Autre phénomène étrange à souligner : Plus une conversation est longue et avec beaucoup de participants, plus elle a de chances de mal tourner. Le point Godwin l’illustre. La montée de critiques et l’échauffement d’une mauvaise argumentation peuvent conduire à ce point G où la référence à Hitler, au nazisme entre par exemple en ligne de compte de manière totalement inappropriée. Les exemples sont nombreux et le glissement sémantique facile. Rien de tel pour s’en prémunir que de border vos messages et de modérer la conversation. Après tout, c’est vous qui l’avez commencé. Et dans les cas plus extrêmes, un blocage et la suppression pure et simple de leurs messages ne vous fera pas passer pour autant pour des censeurs.

Utiliser les médias sociaux aujourd’hui demande plus que jamais d’être bien au clair avec le message que vous avez à faire passer. Votre parole d’entreprise, comme celle de chacun, a une portée politique (dans tous les sens du terme) que vous ne pouvez pas ignorer. Et à l’ère de la conversation digitale, toutes les voix qui s’élèvent sur le net sont autant de stakeholders à prendre en compte. Ignorer cet aspect vous expose à des retours de bâton potentiellement préjudiciables.

 

7 conseils de modération :

  • Etre irréprochable (La base)
  • Avoir une stratégie de contenu maitrisée, qui anticipe les sujets sensibles et crises de réputation potentielles
  • Bien border votre message initial (« Si vous cédez sur les mots, vous cédez sur les choses » disait Freud)
  • Répondre aux messages en prenant soin d’apporter un argumentaire objectif et concret
  • Rédiger et mettre à disposition une charte (Usez sans modération des principes de la rhétorique et des beautés de l’argumentation, ça ne fait de mal à personne – Ex.
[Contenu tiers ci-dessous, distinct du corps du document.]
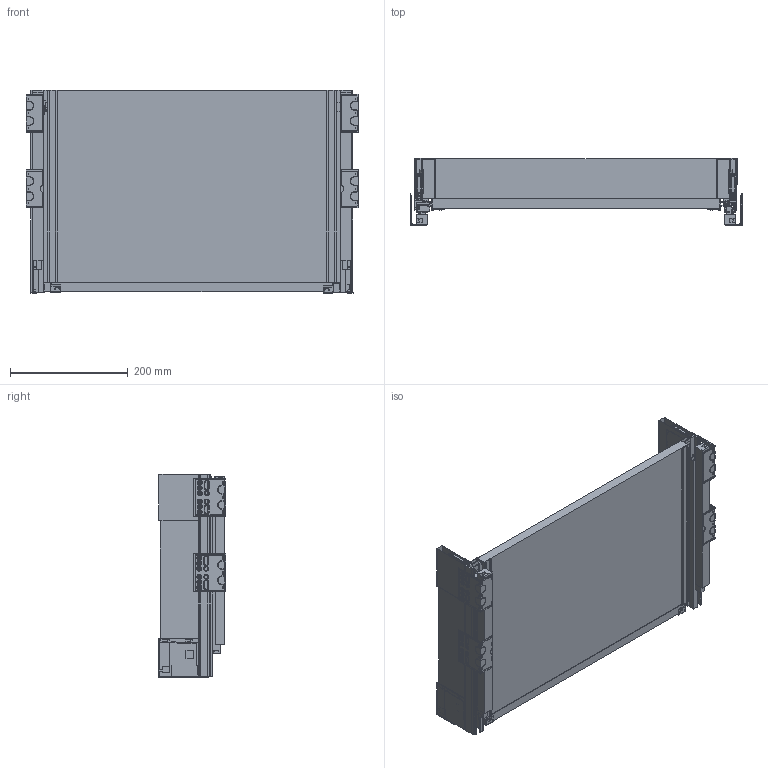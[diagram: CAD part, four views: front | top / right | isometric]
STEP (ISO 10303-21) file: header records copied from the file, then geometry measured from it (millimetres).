
FILE_DESCRIPTION(/* description */ (''),/* implementation_level */ '2;1');
FILE_NAME(/* name */ 'AXIS PRO GLASS 84_350.stp',/* time_stamp */ '2023-08-08T13:25:04+02:00',/* author */ ('tomaszw'),/* organization */ (''),/* preprocessor_version */ 'ST-DEVELOPER v19.2',/* originating_system */ 'Autodesk Inventor 2023',/* authorisation */ '');
FILE_SCHEMA (('AUTOMOTIVE_DESIGN { 1 0 10303 214 3 1 1 }'));
Products named in the file (2): AXIS PRO GLASS; AXIS PRO GLASS_84_350
Assembly tree (1 placements, depth 2):
  AXIS PRO GLASS
    AXIS PRO GLASS_84_350
Bounding box: 563.9 x 114.4 x 345.26 mm (x, y, z)
Volume: 3983273 mm3; surface area: 1036166.8 mm2
Topology: 44 solids, 44 shells, 3003 faces, 8234 edges, 5333 vertices
Faces by surface type: plane 2036, cylinder 578, bspline 202, cone 88, sphere 79, torus 20
Full cylindrical faces by diameter (mm): 2.4 x2, 2.5 x7, 2.8 x4, 2.9 x2, 3.8 x2, 4 x20, 5.5 x1, 6.3 x32, 7 x2, 8.5 x4, 8.8 x8, 10 x9, 10.4 x4
Entity records: 154992 total; most frequent: CARTESIAN_POINT 76496, ORIENTED_EDGE 16438, DIRECTION 14419, EDGE_CURVE 8219, LINE 6239, VECTOR 6239, VERTEX_POINT 5357, AXIS2_PLACEMENT_3D 4090

Schopenhauer, Hegel, Aristote…)
  • Engager des CM et modérateurs conscients et cultivés (pas des stagiaires hein !) > 80% de crises médiatiques ou sociales proviennent d’une méconnaissance de la culture de l’entreprise et des sujets qui l’environnent.
  • Faire preuve de Fair Play. Internet est un hémicycle démocratique à haute tension, vous n’y couperez pas

 

 

http://www.goldenmoustache.com/pourquoi-jai-quitte-facebook-16054/

Noémie Dié – Chef de projet digital

@Noemiedie

1 Commentaire

  1. Bonjour,
    votre article est très intéressant (bien que je trouve le texte pas trop simple à comprendre, vous devez avoir un background universitaire lié à la linguistique ^^; désolée si je me trompe ) .
    Il a attiré mon attention car je travaille beaucoup avec les administrateurs des forums créés sur le service Forumactif et nous avons régulièrement affaire à cette problèmatique-là (et oui ! ce n’est pas uniquement les community managers et les chefs d’entreprises qui peuvent être intéressés par cette question!! ). J’ai trouvé votre discours et vos conseils très pertinents, merci!